[Stored data]
=== Begin Enclosure ===
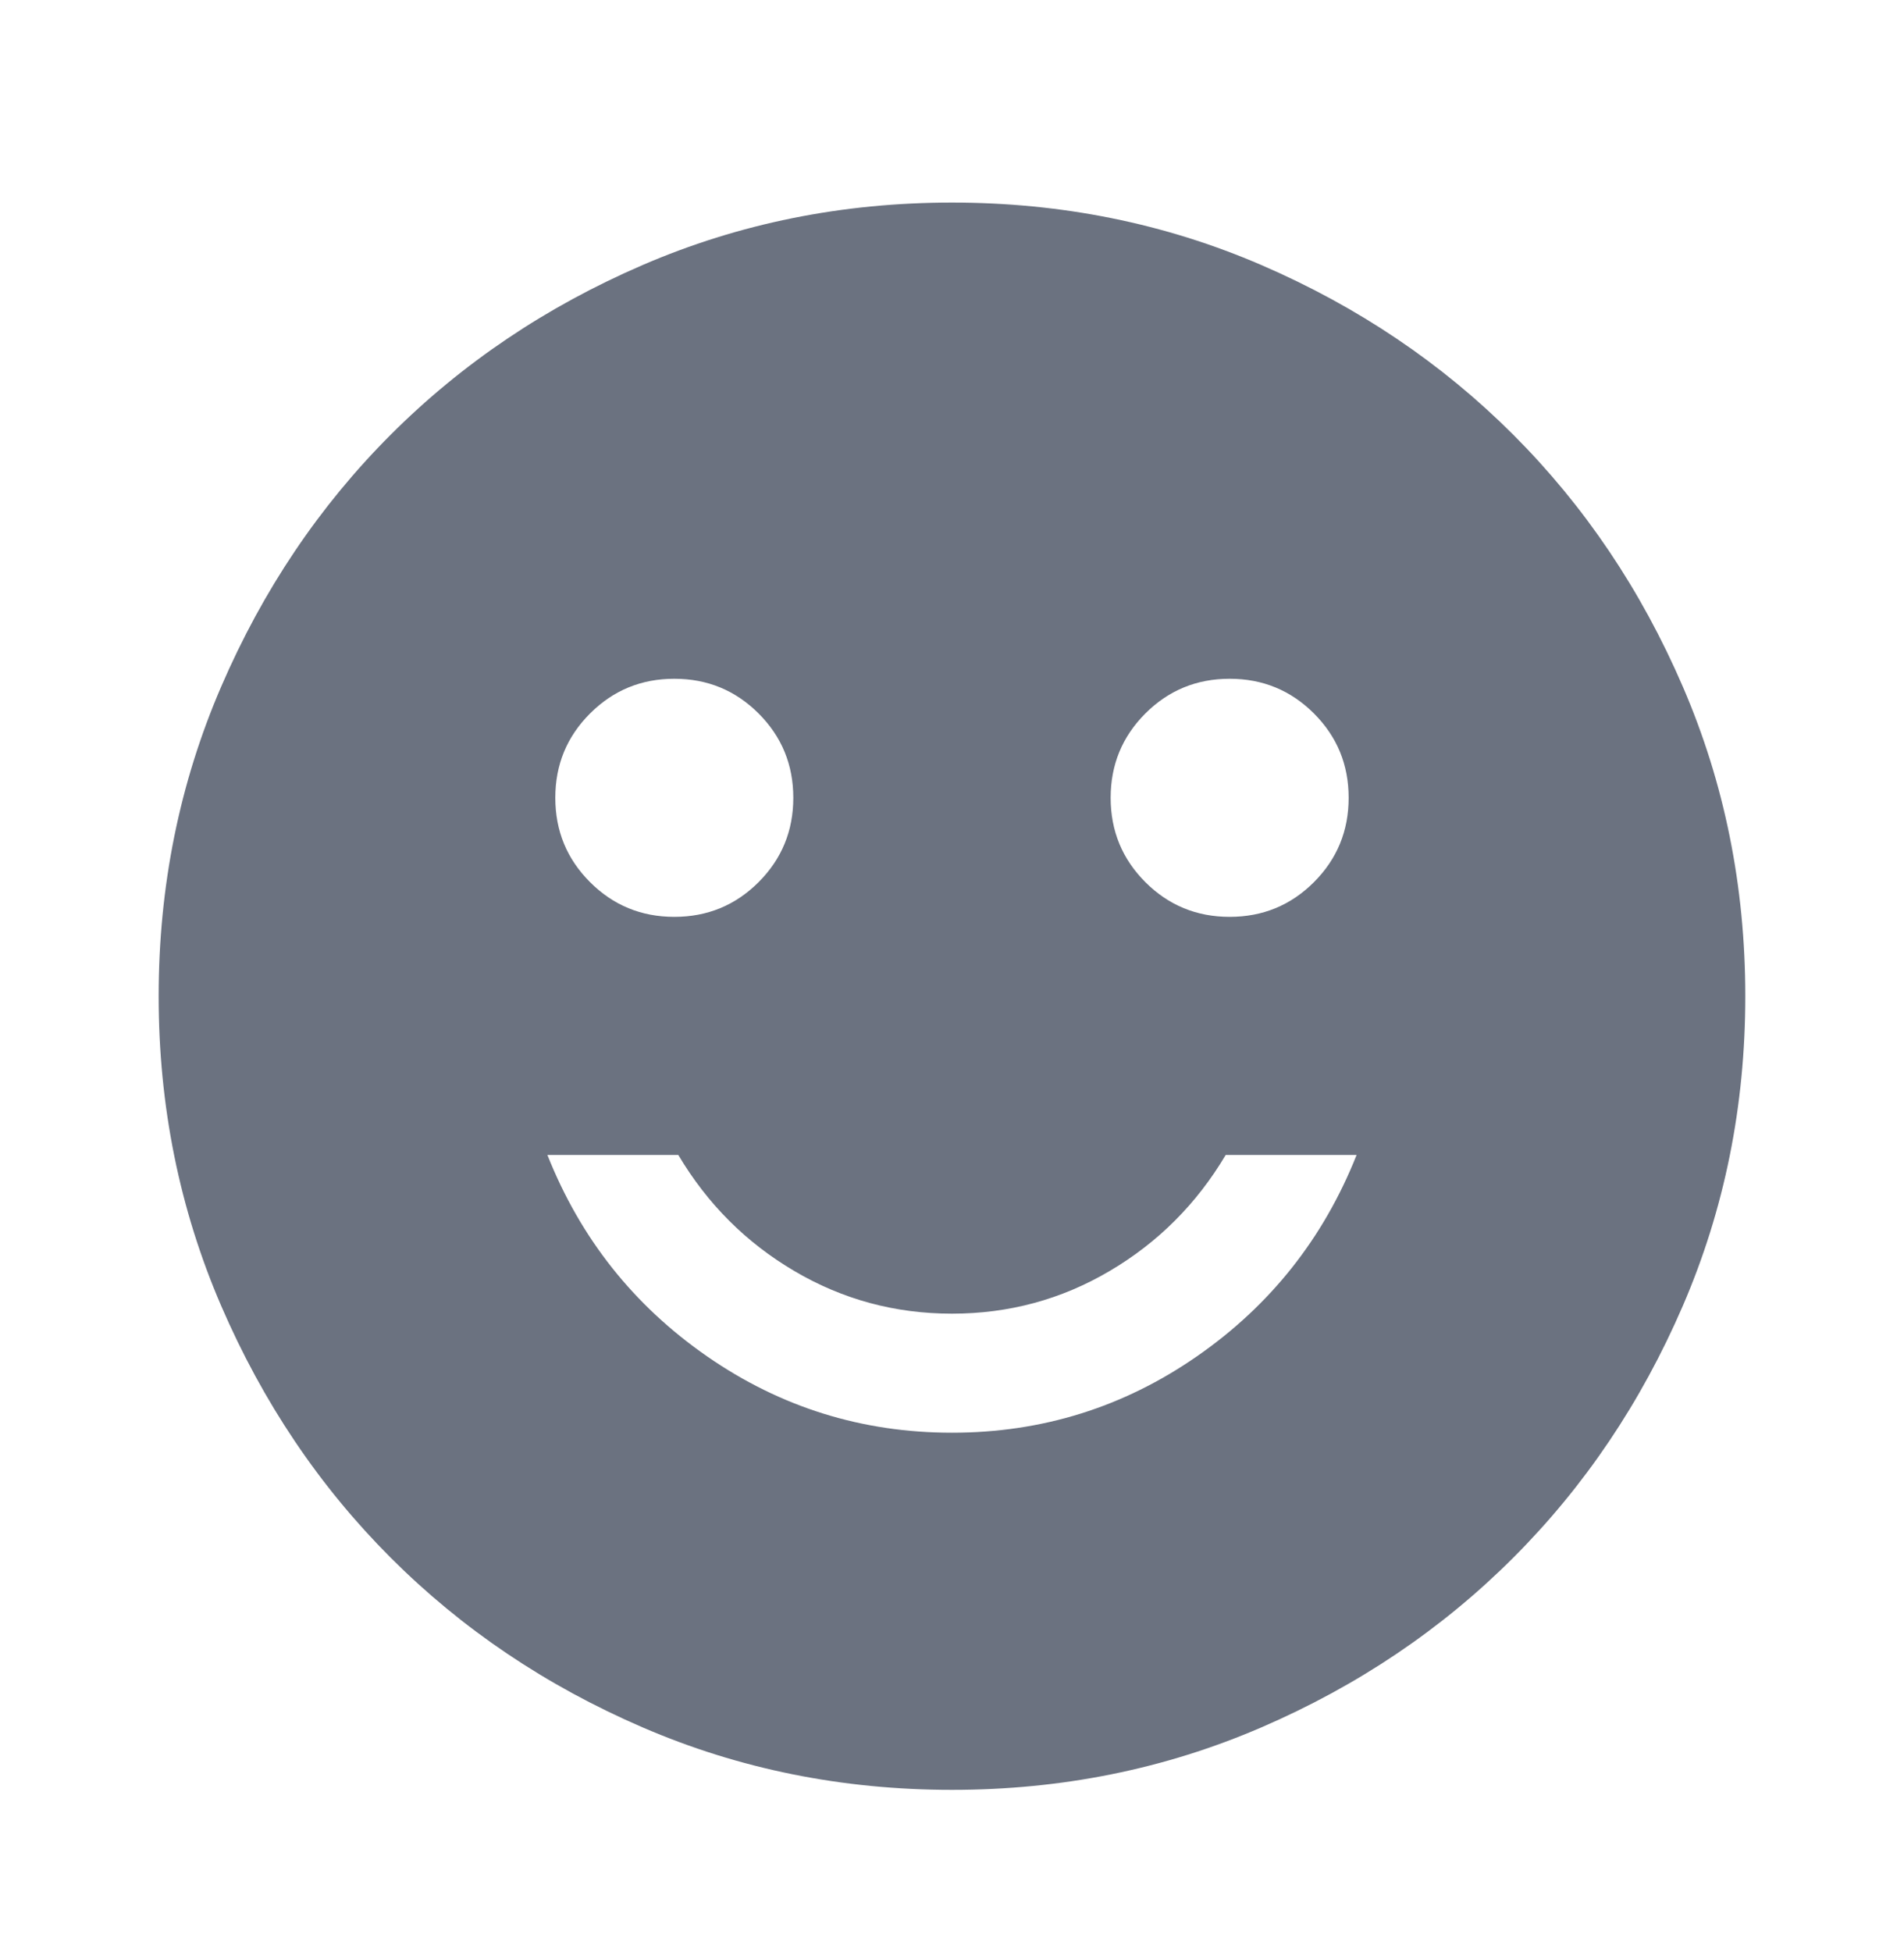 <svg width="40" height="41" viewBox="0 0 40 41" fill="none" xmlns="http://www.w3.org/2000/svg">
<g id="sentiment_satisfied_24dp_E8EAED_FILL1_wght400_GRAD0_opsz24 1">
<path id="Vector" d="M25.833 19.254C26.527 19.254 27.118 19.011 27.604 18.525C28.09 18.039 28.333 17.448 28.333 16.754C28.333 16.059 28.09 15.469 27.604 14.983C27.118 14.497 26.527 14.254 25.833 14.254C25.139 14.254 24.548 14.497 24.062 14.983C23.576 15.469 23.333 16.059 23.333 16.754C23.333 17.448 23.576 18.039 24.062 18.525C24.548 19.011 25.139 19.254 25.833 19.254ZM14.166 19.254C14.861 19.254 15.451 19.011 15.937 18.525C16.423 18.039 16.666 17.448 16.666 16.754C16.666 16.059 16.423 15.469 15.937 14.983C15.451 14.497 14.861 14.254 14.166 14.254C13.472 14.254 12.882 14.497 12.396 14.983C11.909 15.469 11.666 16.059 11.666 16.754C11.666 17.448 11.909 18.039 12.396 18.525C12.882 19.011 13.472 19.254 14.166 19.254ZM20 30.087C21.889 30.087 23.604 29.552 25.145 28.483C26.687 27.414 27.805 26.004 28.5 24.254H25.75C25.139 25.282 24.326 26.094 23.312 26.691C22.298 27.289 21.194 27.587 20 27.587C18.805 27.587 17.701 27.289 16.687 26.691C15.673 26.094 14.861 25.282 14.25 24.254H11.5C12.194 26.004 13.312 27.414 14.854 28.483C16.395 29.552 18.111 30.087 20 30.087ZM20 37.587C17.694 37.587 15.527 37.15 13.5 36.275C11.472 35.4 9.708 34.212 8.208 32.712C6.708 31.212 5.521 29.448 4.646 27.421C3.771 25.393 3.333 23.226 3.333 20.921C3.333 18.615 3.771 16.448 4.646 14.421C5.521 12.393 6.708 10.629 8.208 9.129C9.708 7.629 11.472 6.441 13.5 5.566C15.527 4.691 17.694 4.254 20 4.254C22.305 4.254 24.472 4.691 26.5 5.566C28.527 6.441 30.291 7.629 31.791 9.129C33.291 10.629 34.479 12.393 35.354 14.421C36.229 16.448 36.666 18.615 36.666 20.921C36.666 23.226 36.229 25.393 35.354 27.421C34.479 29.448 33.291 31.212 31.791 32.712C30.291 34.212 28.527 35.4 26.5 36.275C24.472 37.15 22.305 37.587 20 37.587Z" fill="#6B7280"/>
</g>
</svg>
=== End Enclosure ===
▶ [What is being asked]
Each line above should be returned exactly as written, apart from any pictures.

▶ [Answer box]
 <svg width="40" height="41" viewBox="0 0 40 41" fill="none" xmlns="http://www.w3.org/2000/svg">
<g id="sentiment_satisfied_24dp_E8EAED_FILL1_wght400_GRAD0_opsz24 1">
<path id="Vector" d="M25.833 19.254C26.527 19.254 27.118 19.011 27.604 18.525C28.09 18.039 28.333 17.448 28.333 16.754C28.333 16.059 28.09 15.469 27.604 14.983C27.118 14.497 26.527 14.254 25.833 14.254C25.139 14.254 24.548 14.497 24.062 14.983C23.576 15.469 23.333 16.059 23.333 16.754C23.333 17.448 23.576 18.039 24.062 18.525C24.548 19.011 25.139 19.254 25.833 19.254ZM14.166 19.254C14.861 19.254 15.451 19.011 15.937 18.525C16.423 18.039 16.666 17.448 16.666 16.754C16.666 16.059 16.423 15.469 15.937 14.983C15.451 14.497 14.861 14.254 14.166 14.254C13.472 14.254 12.882 14.497 12.396 14.983C11.909 15.469 11.666 16.059 11.666 16.754C11.666 17.448 11.909 18.039 12.396 18.525C12.882 19.011 13.472 19.254 14.166 19.254ZM20 30.087C21.889 30.087 23.604 29.552 25.145 28.483C26.687 27.414 27.805 26.004 28.5 24.254H25.75C25.139 25.282 24.326 26.094 23.312 26.691C22.298 27.289 21.194 27.587 20 27.587C18.805 27.587 17.701 27.289 16.687 26.691C15.673 26.094 14.861 25.282 14.25 24.254H11.5C12.194 26.004 13.312 27.414 14.854 28.483C16.395 29.552 18.111 30.087 20 30.087ZM20 37.587C17.694 37.587 15.527 37.15 13.5 36.275C11.472 35.4 9.708 34.212 8.208 32.712C6.708 31.212 5.521 29.448 4.646 27.421C3.771 25.393 3.333 23.226 3.333 20.921C3.333 18.615 3.771 16.448 4.646 14.421C5.521 12.393 6.708 10.629 8.208 9.129C9.708 7.629 11.472 6.441 13.5 5.566C15.527 4.691 17.694 4.254 20 4.254C22.305 4.254 24.472 4.691 26.5 5.566C28.527 6.441 30.291 7.629 31.791 9.129C33.291 10.629 34.479 12.393 35.354 14.421C36.229 16.448 36.666 18.615 36.666 20.921C36.666 23.226 36.229 25.393 35.354 27.421C34.479 29.448 33.291 31.212 31.791 32.712C30.291 34.212 28.527 35.4 26.5 36.275C24.472 37.15 22.305 37.587 20 37.587Z" fill="#6B7280"/>
</g>
</svg>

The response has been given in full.